Task goal - Scan the records that follow, and whenever a line has the word "stroke", copy it.

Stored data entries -
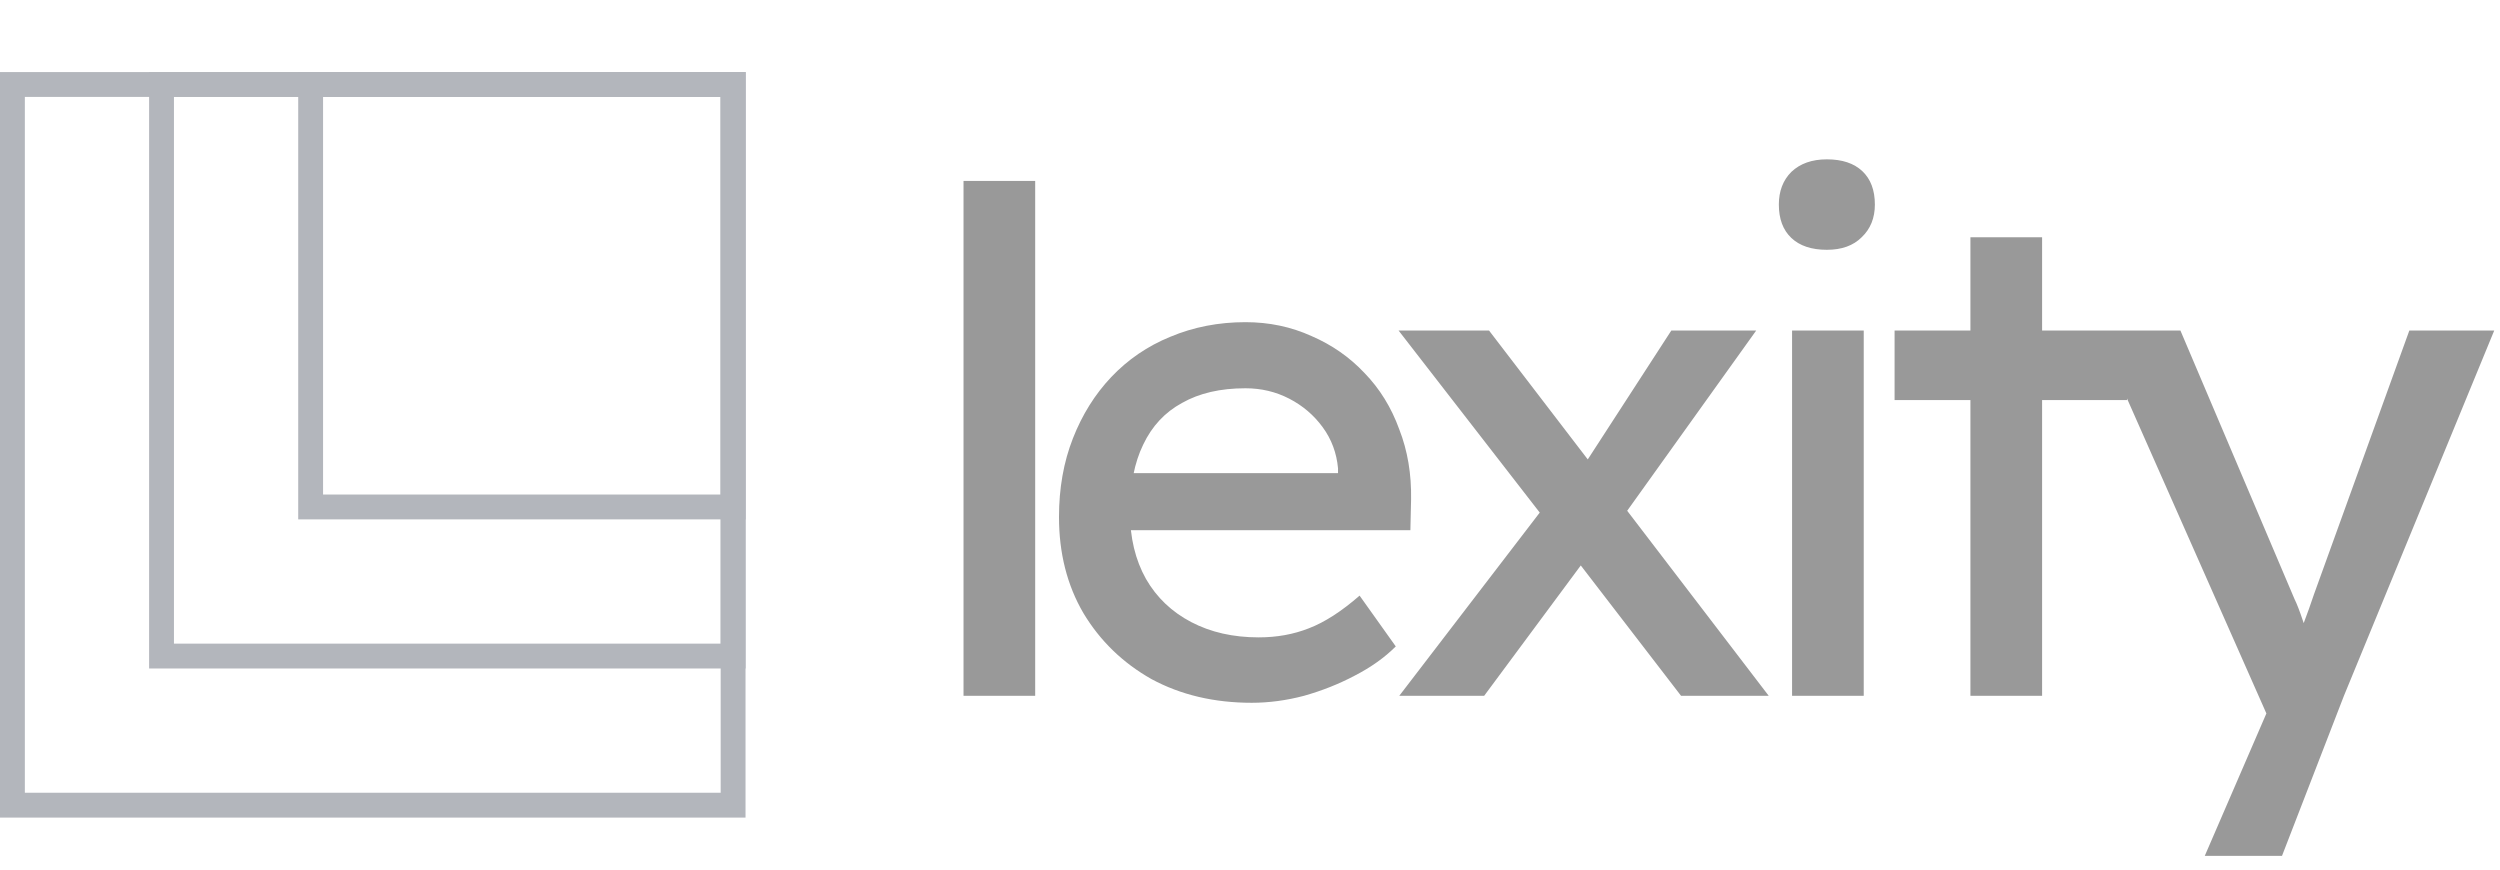 <svg width="1006" height="350" viewBox="0 0 1006 350" fill="none"  xmlns="http://www.w3.org/2000/svg">
<rect x="5" y="34" width="290" height="290" stroke="#B3B6BC"   stroke-width="10"/>
<rect x="65" y="34" width="230" height="230" stroke="#B3B6BC"   stroke-width="10"/>
<rect x="125" y="34" width="170" height="170" stroke="#B3B6BC"  stroke-width="10"/>
<path d="M387.72 280V72.8H416.56V280H387.72ZM503.699 282.8C488.579 282.8 475.139 279.627 463.379 273.28C451.806 266.747 442.659 257.88 435.939 246.68C429.406 235.48 426.139 222.6 426.139 208.04C426.139 196.467 428.006 185.92 431.739 176.4C435.472 166.88 440.606 158.667 447.139 151.76C453.859 144.667 461.792 139.253 470.939 135.52C480.272 131.6 490.352 129.64 501.179 129.64C510.699 129.64 519.566 131.507 527.779 135.24C535.992 138.787 543.086 143.733 549.059 150.08C555.219 156.427 559.886 163.987 563.059 172.76C566.419 181.347 568.006 190.773 567.819 201.04L567.539 213.36H447.419L440.979 190.4H542.619L538.419 195.16V188.44C537.859 182.28 535.806 176.773 532.259 171.92C528.712 167.067 524.232 163.24 518.819 160.44C513.406 157.64 507.526 156.24 501.179 156.24C491.099 156.24 482.606 158.2 475.699 162.12C468.792 165.853 463.566 171.453 460.019 178.92C456.472 186.2 454.699 195.253 454.699 206.08C454.699 216.347 456.846 225.307 461.139 232.96C465.432 240.427 471.499 246.213 479.339 250.32C487.179 254.427 496.232 256.48 506.499 256.48C513.779 256.48 520.499 255.267 526.659 252.84C533.006 250.413 539.819 246.027 547.099 239.68L561.659 260.12C557.179 264.6 551.672 268.52 545.139 271.88C538.792 275.24 531.979 277.947 524.699 280C517.606 281.867 510.606 282.8 503.699 282.8ZM676.461 280L628.861 218.12L624.661 212.8L562.781 133H599.181L645.941 194.04L650.701 200.2L711.741 280H676.461ZM563.061 280L621.021 204.4L638.101 224.84L597.221 280H563.061ZM652.381 208.88L636.421 188.72L672.541 133H706.701L652.381 208.88ZM721.128 280V133H749.968V280H721.128ZM735.128 100.52C728.968 100.52 724.208 98.933 720.848 95.76C717.488 92.587 715.808 88.107 715.808 82.32C715.808 76.907 717.488 72.52 720.848 69.16C724.394 65.8 729.154 64.12 735.128 64.12C741.288 64.12 746.048 65.707 749.408 68.88C752.768 72.053 754.448 76.533 754.448 82.32C754.448 87.733 752.674 92.12 749.128 95.48C745.768 98.84 741.101 100.52 735.128 100.52ZM792.898 280V95.48H821.738V280H792.898ZM762.378 161V133H855.898V161H762.378ZM887.198 344.4L916.878 275.8L917.158 298.76L843.798 133H877.398L923.318 241.08C924.252 242.947 925.372 245.84 926.678 249.76C927.985 253.493 929.105 257.227 930.038 260.96L922.758 262.64C924.252 258.72 925.652 254.8 926.958 250.88C928.452 246.96 929.852 243.04 931.158 239.12L969.518 133H1003.68L943.198 280L918.278 344.4H887.198Z" fill="#000" fill-opacity="0.4"/>
</svg>

Result below -
<rect x="5" y="34" width="290" height="290" stroke="#B3B6BC"   stroke-width="10"/>
<rect x="65" y="34" width="230" height="230" stroke="#B3B6BC"   stroke-width="10"/>
<rect x="125" y="34" width="170" height="170" stroke="#B3B6BC"  stroke-width="10"/>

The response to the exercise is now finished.